The bombs got dropped because a B-52 carrying the bombs was being refueled in the air. Now one might say that refueling a jet plane from another plane in mid-air is a tad risky, so it would be advisable not to have in-flight atomic bombs. But there was a reason: the USA was afraid the USSR would destroy most of their on-the-ground bombs, so they developed a program to have atomic bombs flying in the air 24/7. You’d think that with a few planes in circulation, they could take turns refueling on the ground when the pilots get sleepy, but the only book written about Palomares (with a bonus section of 34 other nuclear accidents) is out of print, so my questions will remain unanswered.

After the accident, the USA and Spain put the nuclear dirt in barrels, and shipped the barrels back to the USA. But the real problem was that one bomb was missing. The Air Force was 100% sure that there were 4 nuclear bombs, but only 3 were found. The mystery remained until a fisherman named Paco Orts said, “yeah, I saw something drop out of the sky when I was out fishing”. With that clue plus 80 days of searching, the Navy finally found the bomb. They tried to bring it up out of the water but dropped it — probably kinda slimy by that time. So it took another 16 days before they found it again, and brought it back home.
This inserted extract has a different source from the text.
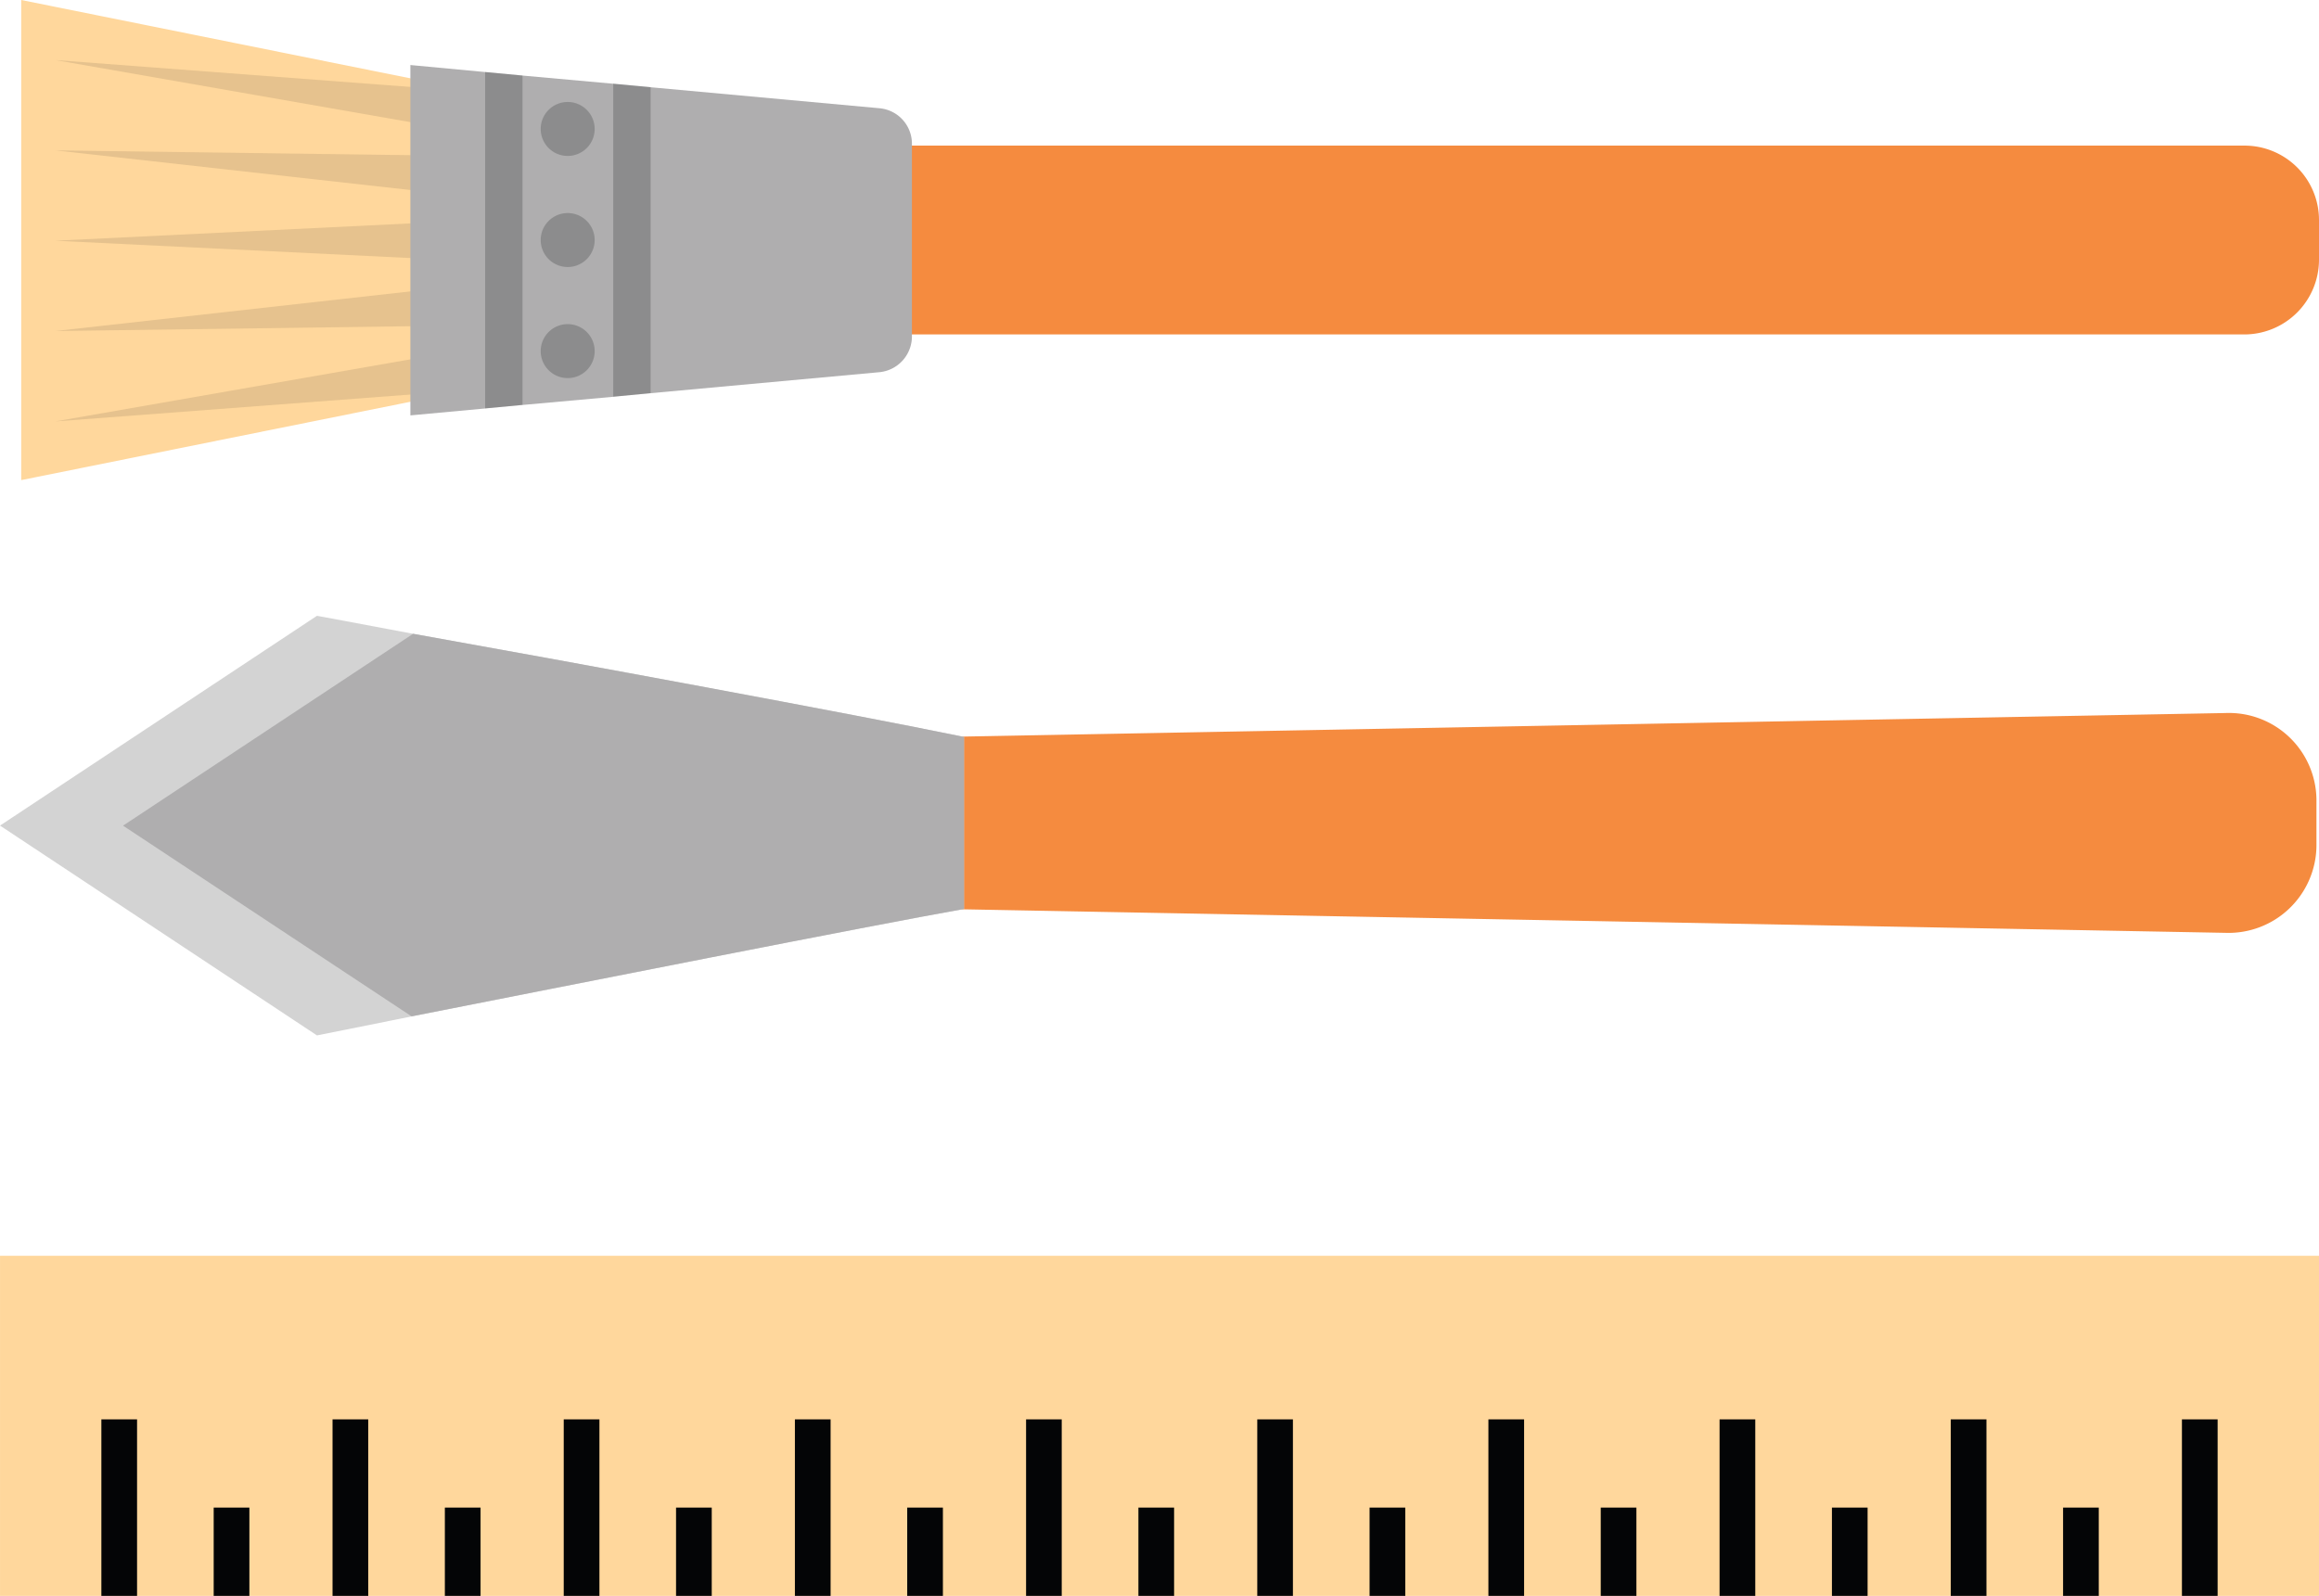 <?xml version="1.0" encoding="UTF-8"?> <svg xmlns="http://www.w3.org/2000/svg" width="128.885" height="88.718" viewBox="0 0 128.885 88.718"><defs><style> .cls-1 { fill: #ffd79c; } .cls-2 { opacity: 0.1; } .cls-3, .cls-6 { fill: #040506; } .cls-4 { fill: #f58b3f; } .cls-5 { fill: #afaeaf; } .cls-6 { opacity: 0.2; } .cls-7 { fill: #d3d3d3; } </style></defs><g id="Group_1524" data-name="Group 1524" transform="translate(1008.391 -1087.418) rotate(90)"><g id="Group_1520" data-name="Group 1520" transform="translate(1087.418 879.506)"><path id="Path_2173" data-name="Path 2173" class="cls-1" d="M1114.107,964.223h-26.69l5.61-27.861h15.47Z" transform="translate(-1087.417 -836.517)"></path><g id="Group_1519" data-name="Group 1519" class="cls-2" transform="translate(3.338 103.678)"><path id="Path_2174" data-name="Path 2174" class="cls-3" d="M1093.142,938.814l-3.823,21.865,1.676-22.135Z" transform="translate(-1089.318 -938.545)"></path><path id="Path_2175" data-name="Path 2175" class="cls-3" d="M1094.626,938.719l-2.448,21.932.3-22.068Z" transform="translate(-1087.156 -938.516)"></path><path id="Path_2176" data-name="Path 2176" class="cls-3" d="M1096.574,938.621l-1.074,22-1.073-22Z" transform="translate(-1085.456 -938.487)"></path><path id="Path_2177" data-name="Path 2177" class="cls-3" d="M1098.651,938.583l.3,22.068-2.449-21.932Z" transform="translate(-1083.886 -938.516)"></path><path id="Path_2178" data-name="Path 2178" class="cls-3" d="M1100.728,938.545l1.676,22.135-3.823-21.865Z" transform="translate(-1082.315 -938.545)"></path></g><path id="Path_2179" data-name="Path 2179" class="cls-4" d="M1102.524,883.659v86.969a4.138,4.138,0,0,1-4.155,4.132h-2.208a4.12,4.12,0,0,1-4.134-4.132V883.659a4.138,4.138,0,0,1,4.134-4.153h2.208A4.156,4.156,0,0,1,1102.524,883.659Z" transform="translate(-1083.932 -879.506)"></path><path id="Path_2180" data-name="Path 2180" class="cls-5" d="M1108.953,951.911h-19.477l.39-4.155.195-2.077.455-5.042.195-2.076,1.168-12.725a1.979,1.979,0,0,1,1.969-1.8h10.712a2,2,0,0,1,1.991,1.8l1.168,12.725.2,2.076.455,5.042.195,2.077Z" transform="translate(-1085.861 -845.834)"></path><path id="Path_2181" data-name="Path 2181" class="cls-6" d="M1108.395,938.439h-18.7l.195-2.077H1108.2Z" transform="translate(-1085.693 -836.517)"></path><path id="Path_2182" data-name="Path 2182" class="cls-6" d="M1107.465,934.385h-17.4l.195-2.077h17.008Z" transform="translate(-1085.414 -839.582)"></path><path id="Path_2183" data-name="Path 2183" class="cls-6" d="M1093.645,935.578a1.5,1.5,0,1,1-1.5-1.5A1.5,1.5,0,0,1,1093.645,935.578Z" transform="translate(-1084.976 -838.244)"></path><path id="Path_2184" data-name="Path 2184" class="cls-6" d="M1097.161,935.578a1.5,1.5,0,1,1-1.5-1.5A1.5,1.5,0,0,1,1097.161,935.578Z" transform="translate(-1082.317 -838.244)"></path><path id="Path_2185" data-name="Path 2185" class="cls-6" d="M1100.678,935.578a1.5,1.5,0,1,1-1.5-1.5A1.5,1.5,0,0,1,1100.678,935.578Z" transform="translate(-1079.659 -838.244)"></path></g><g id="Group_1521" data-name="Group 1521" transform="translate(1121.652 879.648)"><path id="Path_2186" data-name="Path 2186" class="cls-4" d="M1122.21,884.639l-1.473,79.014c-.03,1.572-1.679,2.817-3.683,2.817h-1.928c-2,0-3.632-1.245-3.661-2.817l-1.475-79.014a4.867,4.867,0,0,1,4.792-5.052h2.609A4.887,4.887,0,0,1,1122.21,884.639Z" transform="translate(-1104.586 -879.587)"></path><path id="Path_2187" data-name="Path 2187" class="cls-7" d="M1130.238,958.351l-11.664,17.615-11.662-17.615s.388-2.12,1-5.344c1.514-8.482,4.5-24.668,5.734-30.618h9.565c.908,5.128,4.262,22.027,5.971,30.7C1129.827,956.276,1130.238,958.351,1130.238,958.351Z" transform="translate(-1106.912 -847.224)"></path><path id="Path_2188" data-name="Path 2188" class="cls-5" d="M1128.749,953.094l-10.6,16.035-10.667-16.121c1.514-8.482,4.5-24.668,5.734-30.618h9.565C1123.686,927.518,1127.04,944.417,1128.749,953.094Z" transform="translate(-1106.483 -847.224)"></path></g><g id="Group_1523" data-name="Group 1523" transform="translate(1157.229 879.506)"><rect id="Rectangle_332" data-name="Rectangle 332" class="cls-1" width="18.906" height="128.884"></rect><g id="Group_1522" data-name="Group 1522" transform="translate(9.093 5.634)"><rect id="Rectangle_333" data-name="Rectangle 333" class="cls-3" width="9.814" height="1.984" transform="translate(0 115.633)"></rect><rect id="Rectangle_334" data-name="Rectangle 334" class="cls-3" width="4.906" height="1.984" transform="translate(4.907 109.391)"></rect><rect id="Rectangle_335" data-name="Rectangle 335" class="cls-3" width="9.814" height="1.984" transform="translate(0 102.785)"></rect><rect id="Rectangle_336" data-name="Rectangle 336" class="cls-3" width="4.906" height="1.984" transform="translate(4.907 96.543)"></rect><rect id="Rectangle_337" data-name="Rectangle 337" class="cls-3" width="9.814" height="1.984" transform="translate(0 89.936)"></rect><rect id="Rectangle_338" data-name="Rectangle 338" class="cls-3" width="4.906" height="1.984" transform="translate(4.907 83.694)"></rect><rect id="Rectangle_339" data-name="Rectangle 339" class="cls-3" width="9.814" height="1.984" transform="translate(0 77.088)"></rect><rect id="Rectangle_340" data-name="Rectangle 340" class="cls-3" width="4.906" height="1.984" transform="translate(4.907 70.846)"></rect><rect id="Rectangle_341" data-name="Rectangle 341" class="cls-3" width="9.814" height="1.982" transform="translate(0 64.242)"></rect><rect id="Rectangle_342" data-name="Rectangle 342" class="cls-3" width="4.906" height="1.984" transform="translate(4.907 57.997)"></rect><rect id="Rectangle_343" data-name="Rectangle 343" class="cls-3" width="9.814" height="1.982" transform="translate(0 51.393)"></rect><rect id="Rectangle_344" data-name="Rectangle 344" class="cls-3" width="4.906" height="1.984" transform="translate(4.907 45.149)"></rect><rect id="Rectangle_345" data-name="Rectangle 345" class="cls-3" width="9.814" height="1.984" transform="translate(0 38.545)"></rect><rect id="Rectangle_346" data-name="Rectangle 346" class="cls-3" width="4.906" height="1.982" transform="translate(4.907 32.303)"></rect><rect id="Rectangle_347" data-name="Rectangle 347" class="cls-3" width="9.814" height="1.984" transform="translate(0 25.697)"></rect><rect id="Rectangle_348" data-name="Rectangle 348" class="cls-3" width="4.906" height="1.982" transform="translate(4.907 19.454)"></rect><rect id="Rectangle_349" data-name="Rectangle 349" class="cls-3" width="9.814" height="1.984" transform="translate(0 12.848)"></rect><rect id="Rectangle_350" data-name="Rectangle 350" class="cls-3" width="4.906" height="1.984" transform="translate(4.907 6.606)"></rect><rect id="Rectangle_351" data-name="Rectangle 351" class="cls-3" width="9.814" height="1.984"></rect></g></g></g></svg>

Now according to maritime law, if you identify the location of a ship that’s sunk, you have a right to 1% of the value of what’s been saved. At an estimated value of $2 billion for an atomic bomb, 1% is $20 million. Paco was nobody’s fool. He took a trip to New York with his lawyer. The Air Force settled out of court for an undisclosed sum.

Once the nuclear dirt was cleaned up (at a cost of $60 million), the Spanish Minister of Tourism and the US ambassador to Spain both put on their swimsuits at a nearby resort and frolicked in the ocean to show it was all safe — wikipedia neglected to say who had the better figure. Hollywood made a 1966 movie about the incident called “Finders Keepers”, starring Cliff Richard (the movie’s tagline: “The beat is the wildest! The blast is the craziest!”). Then in 2004, a study showed there were contaminated snails in the area. After 11 years of discussion, the USA agreed with Spain yesterday to send in their cleanup crews again.

And there you have it, the wild wooly days of tottering on the edge of mass destruction.